Nearly two years into a pandemic that has already killed more than 5
million people, only about 7% of people in low-income countries have
received a dose. Vaccine deliveries worldwide have been delayed by
production problems, hoarding by rich countries, export restrictions
and red tape. Many programmes have also been hampered by hesitancy
among the public.
The legal concerns are an additional hurdle for public health
officials tackling the coronavirus – even as officials say
unvaccinated people offer an ideal environment for it to mutate into
new variants that threaten hard-won immunity around the world. Many
COVID-19 vaccine manufacturers have required that countries
indemnify them for any adverse events suffered by individuals as a
result of the vaccines, the United Nations says.
Where governments are not in control, that is not possible.
The concerns affect people, such as those displaced by the Myanmar,
Afghanistan and Ethiopian crises, who are beyond the reach of
national governments' vaccination schemes.
For refugees, migrants and asylum-seekers, as well as people
afflicted by natural disasters or other events that put them out of
reach of government help, the global programme known as COVAX
created a Humanitarian Buffer – a last-resort reserve of shots to be
administered by humanitarian groups. Gavi, the vaccine alliance, is
a public-private partnership set up in 2000 to promote vaccination
around the world.
But that buffer does not have any mechanism to offer compensation.
Gavi, which operates COVAX with the World Health Organization (WHO),
says that where those applying for doses, mainly NGOs, can't bear
legal risks, deliveries from that stockpile can only be made if
vaccine-makers accept liability.
The companies that are willing to do so under these circumstances
provide only a minority of the programme's vaccines, according to
people familiar with the matter and the documents, written by Gavi
staff for a board meeting starting at the end of November.
More than two-thirds of COVAX doses have come from Pfizer Inc. and
its partner BioNTech SE, AstraZeneca PLC and Moderna Inc., Gavi
says. Moderna declined to comment. AstraZeneca and Pfizer said they
were in talks with Gavi but declined to comment further. All three
said they are committed to making doses available to poorer nations
at relatively low prices. Pfizer said it was collaborating directly
with governments in Jordan and Lebanon to donate doses for refugees.

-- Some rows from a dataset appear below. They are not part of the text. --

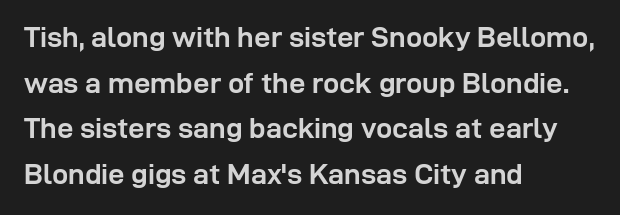
{"serif": "no", "italic": "no", "bold": "yes", "weight": "semibold", "width": "normal", "stroke_contrast": "low", "x_height": "medium", "monospaced": "no", "underline": "no", "align": "left", "line_spacing": "normal", "line_spacing_ratio": 1.57, "letter_spacing": "normal", "letter_spacing_em": 0.0, "glyph_px": 29}
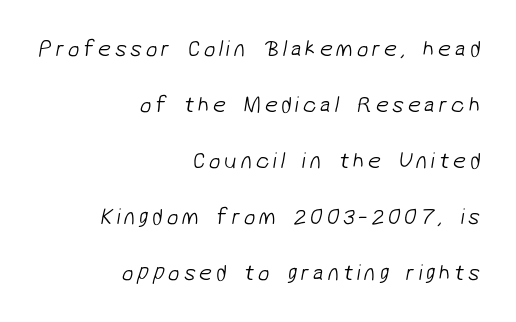
{"bold": "no", "underline": "no", "align": "right", "line_spacing": "loose", "line_spacing_ratio": 2.43, "glyph_px": 23}
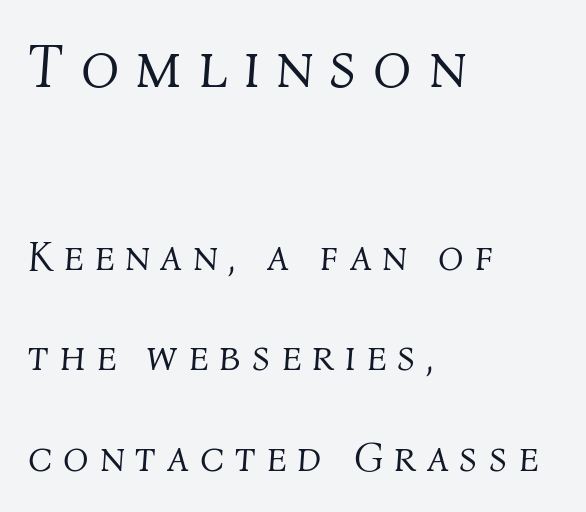
Horizontal alignment here is leftward, the default for most running prose. The space directly below the letters is spotless. Letter spacing: wide. Compared with a typical body face, this is equally light or lighter still. This layout puts the oversized block above and the modest block below. Do the characters align in a grid? No, the font is proportional.

Mainly because of the legal concerns, less than 2 million doses have
so far been sent from the buffer, Gavi says. About 167 million
people risk being excluded from national programmes, according to
United Nations data cited in the documents.
Unless all the firms accept legal liability, "access to vaccines for
some populations will remain a challenge," the Gavi documents say,
adding that new crises will generate additional demand to cover
displaced populations.
The vaccine makers' reluctance to take on the legal risks is "a
major hurdle" in attempts to provide vaccines for the buffer, a
spokesperson for Gavi told Reuters. Gavi did not comment on the
details in the documents, but said applications for vaccines are
confidential until the doses are delivered. In September, Gavi's
CEO, Seth Berkley, tweeted
https://twitter.com/GaviSeth/status/
1440780492324818945?s=20 an appeal to drugmakers to waive their
requirements for legal indemnity.
Three Chinese drugmakers have agreed to shoulder legal risks when
their shots are delivered through the buffer: SinoVac Biotech Ltd,
Sinopharm Group Co. Ltd, and Clover Biopharmaceuticals Co. Ltd,
according to the Gavi document. The drugmakers did not respond to
requests for comment.
Johnson & Johnson of the United States confirmed it would waive a
requirement for indemnity for deliveries from the buffer: "We are
proud to be part of this effort to protect the world's most
vulnerable people," said Paul Stoffels, Vice Chairman of the
Executive Committee and Chief Scientific Officer. He did not
elaborate.
However, less than one-third of COVAX supplies have come from these
four firms, COVAX data shows: Clover's shot has not yet been
approved so is not in use.
The global industry association, the International Federation of
Pharmaceutical Manufacturers and Associations (IFPMA), said "no
company has refused to consider" taking on the legal risk. However,
in the case of shots delivered from the buffer, it said some firms
felt they could not do so without full knowledge of where and how
vaccines would be used.
It would be hard to continuously monitor vaccines for safety in
refugee camps, and delivery is logistically very challenging and not
suitable for all types, said the European Federation of
Pharmaceutical Industries and Associations (EFPIA), which represents
large pharmaceutical companies in Europe.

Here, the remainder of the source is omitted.